Kazakh President Kassym-Jomart Tokayev and Russian President Vladimir Putin claimed victory on Monday in quelling what they described as a “coup d’etat” and “color revolution” in Kazakhstan, which had been shaken by violence that ostensibly began with protests over high fuel prices.
In a speech made during an online meeting of the Russian-led Collective Security Treaty Organization (CSTO), Tokayev said that order had been restored in Kazakhstan, though the hunt for “terrorists” was continuing.
“Under the guise of spontaneous protests, a wave of unrest broke out… It became clear that the main goal was to undermine the constitutional order and to seize power. We are talking about an attempted coup d’etat,” he said.
The fuel demonstrations that started just over a week ago quickly took a political turn, evolving into a wide protest against not only Tokayev’s government, but against his predecessor, 81-year-old Nursultan Nazarbay — the country’s first president after the fall of the Soviet Union. Nazarbayev remains influential in the country even after stepping down from the presidency and was serving as head of a powerful security council prior to the unrest.
“The main blow was directed against (the city of) Almaty. The fall of this city would have paved the way for a takeover of the densely populated south and then the whole country,” Tokayev said. “Then they planned to seize the capital.”
He also contended that a major “counter-terrorism” operation would soon end, along with a CSTO mission that he claimed numbered 2,030 troops and 250 pieces of military hardware.

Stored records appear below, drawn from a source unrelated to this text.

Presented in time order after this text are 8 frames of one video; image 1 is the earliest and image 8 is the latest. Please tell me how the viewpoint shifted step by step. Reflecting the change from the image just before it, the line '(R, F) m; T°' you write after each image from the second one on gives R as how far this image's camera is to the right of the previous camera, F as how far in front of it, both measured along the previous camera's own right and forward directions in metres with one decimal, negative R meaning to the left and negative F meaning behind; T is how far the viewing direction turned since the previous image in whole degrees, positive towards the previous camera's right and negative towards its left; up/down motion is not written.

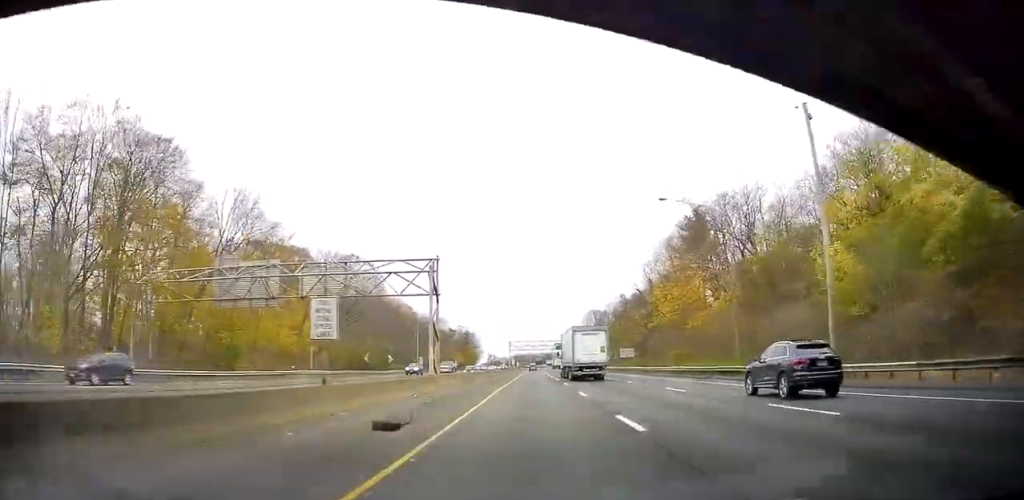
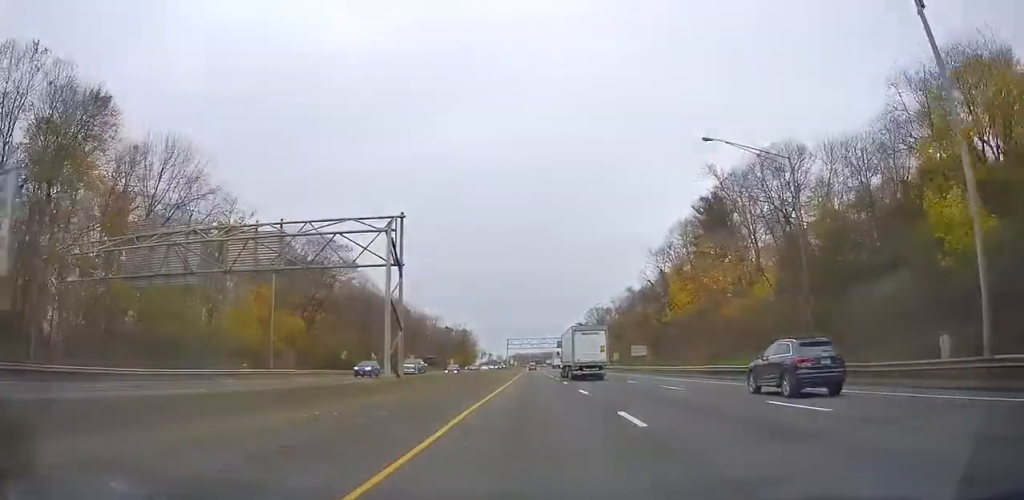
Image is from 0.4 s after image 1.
(0.0, +11.9) m; 0°
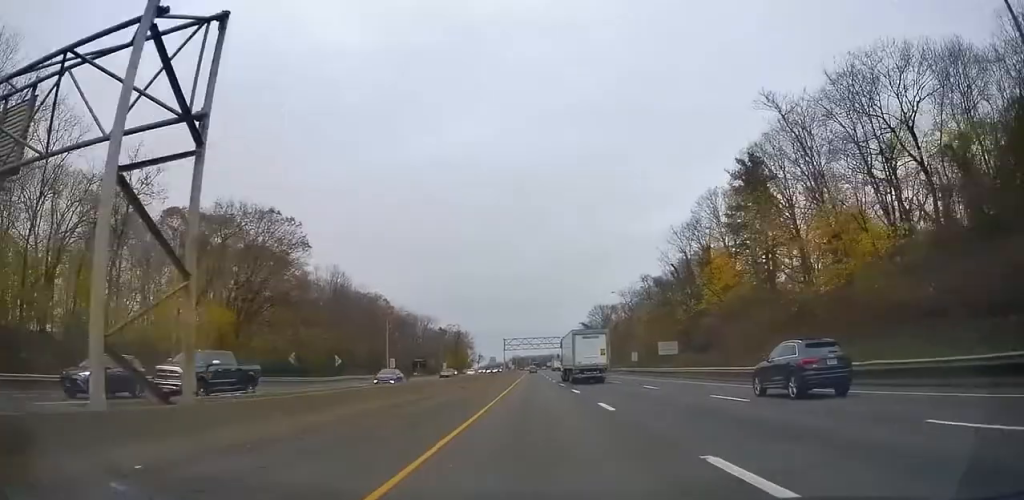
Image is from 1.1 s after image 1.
(0.0, +19.3) m; 0°
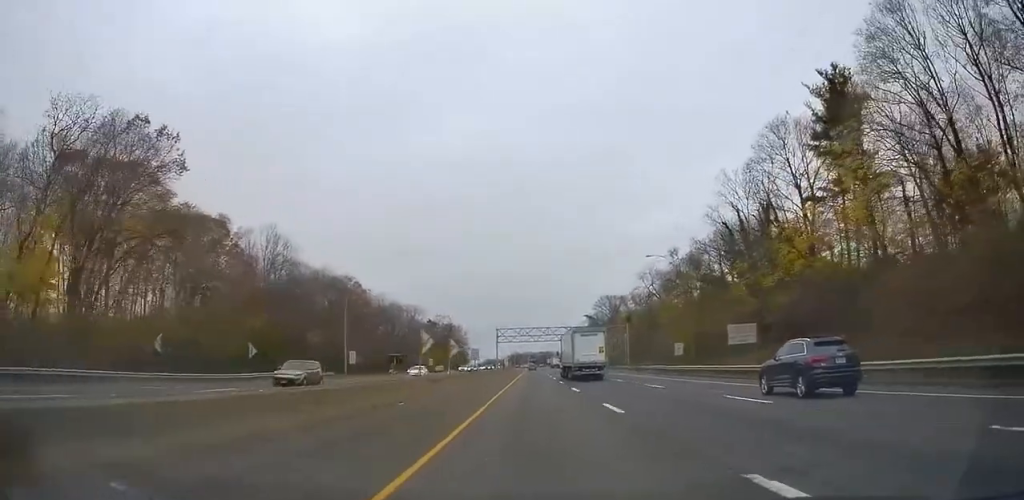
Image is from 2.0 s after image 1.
(0.0, +26.0) m; 0°
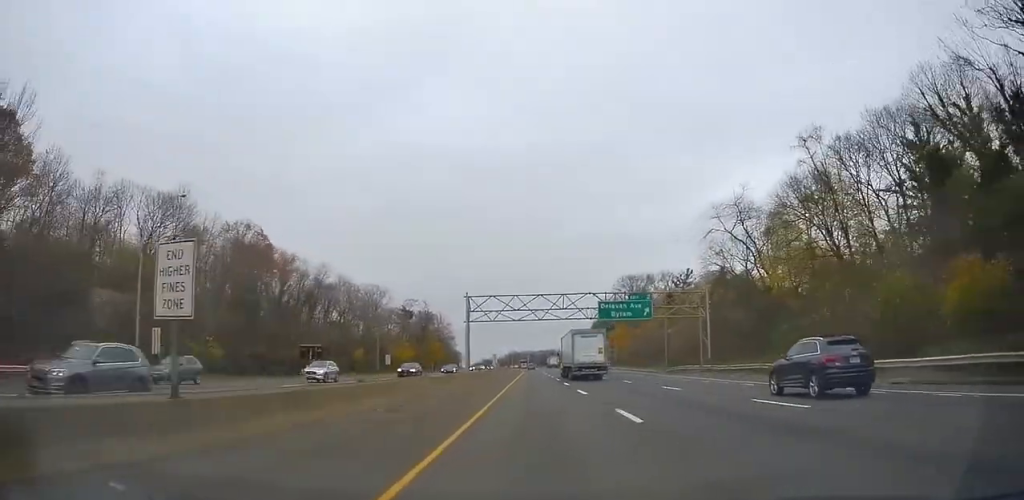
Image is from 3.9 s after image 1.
(+0.6, +51.1) m; +1°
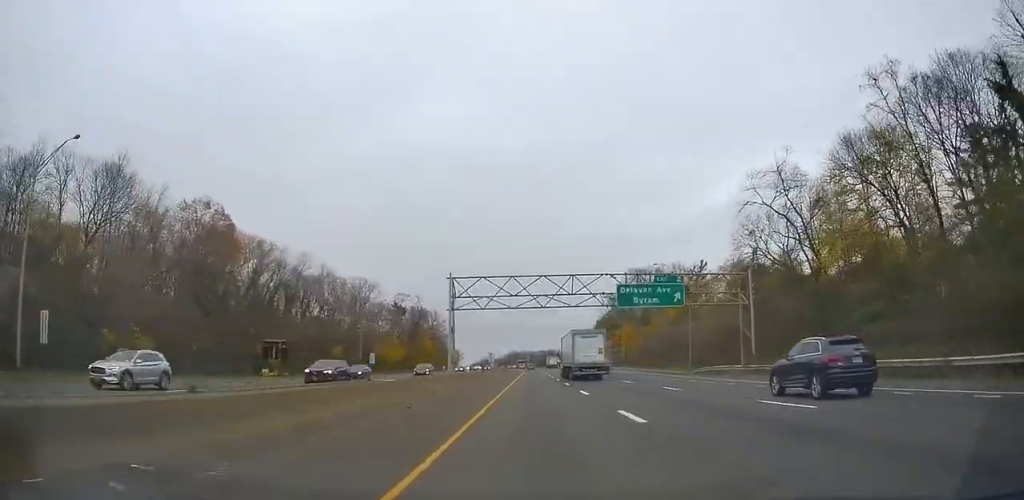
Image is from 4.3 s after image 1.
(0.0, +12.5) m; 0°
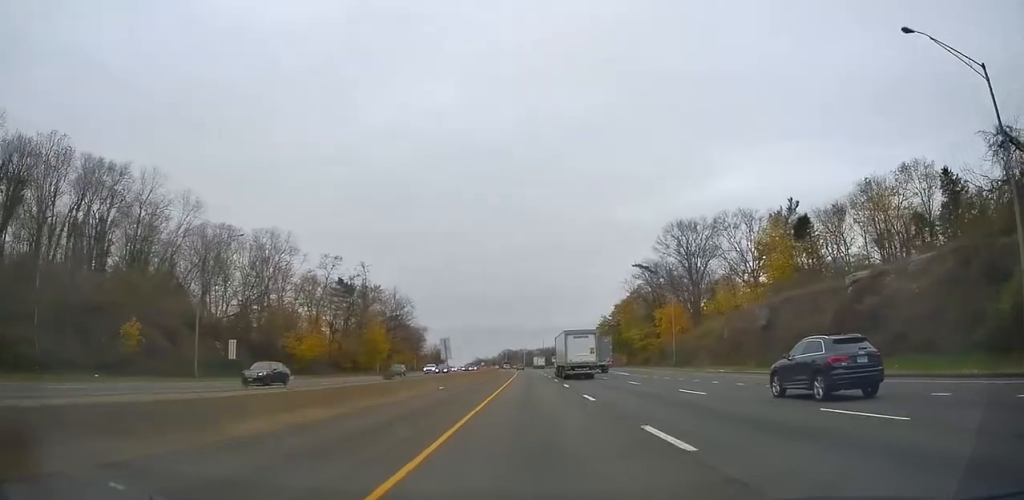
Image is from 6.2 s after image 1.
(-0.3, +52.7) m; 0°
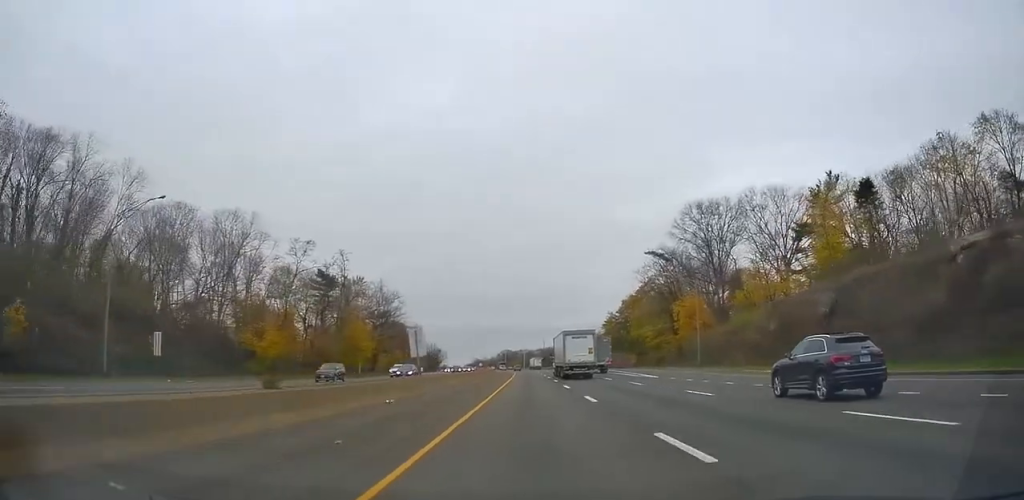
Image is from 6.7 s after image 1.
(+0.1, +13.4) m; 0°

The CSTO is an intergovernmental military alliance that consists of various post-Soviet states: Russia, Armenia, Belarus, Kazakhstan, Kyrgyzstan, and Tajikistan.
Reuters notes:
Tokayev defended his decision to invite Russian-led troops into the country and said that doubts over the legitimacy of that mission stemmed from a lack of information.
Kazakhstan would soon provide proof to the international community about what had happened, he said.Sixteen members of the security forces were killed, while the number of civilian casualties is still being checked, he said.
Putin celebrated his own role in crushing what he described as a foreign-backed terrorist uprising. He also promised that a security block headed by Moscow would prevent “color revolutions” from overtaking its ally nations.
The Russian president said Russia-led forces were securing key infrastructure to “normalize the situation” and help “restore order to the country.” He blamed the events in Kazakhstan on international meddling.
“Of course, we understand that the events in Kazakhstan aren’t the first and will be far from the last attempt to interfere in the internal affairs of our states,” Putin said.
The Financial Times reports:
[Putin] claimed that protesters had used “Maidan technologies”, a reference to a 2014 uprising that toppled a pro-Russian president in Ukraine, and cited other pro-democracy movements that ousted Moscow-aligned rulers in Georgia, Ukraine and Kyrgyzstan in the 2000s.
“We won’t let anyone destabilise the situation in our home and won’t allow the so-called colour revolution scenario to play out,” Putin said.
According to Putin, “destructive internal and external forces” took advantage of the fuel protests to deploy “well-organised groups of militants under their control” that had “obviously trained at terrorist camps abroad.” These revolutionary forces allegedly used the Internet and social media, which Kasazhstan shut off for prolonged periods last week, to create a pretext for “terrorist attacks.”
In response to the protests, the Kazakh president’s entire cabinet resigned.
Per Tokayev, the revolutionaries were “beating and killing policemen and young soldiers, [setting] fire [to] administrative buildings, looting private premises and shops, secular citizens, raping young women.”
Reuters noted that “an Instagram live stream by a Kazakh blogger showed a fire blazing in the office of the mayor of the main city, Almaty, with apparent gunshots audible nearby. Videos posted online also showed the nearby prosecutor’s office burning.”
Mainstream media outlets such as the Washington Post have sided with the “protesters” in the Kazakh crisis, characterizing the Russian intervention as a means to further Putin’s “sphere of influence.”
Kazakhstan, then, has become the site of a conflict between two competing narratives. Were those pushing for the ousting of the current government pro-freedom demonstrators, or was it, in fact, an internationally-backed “color revolution” and coup attempt as Tokayev and Putin claim?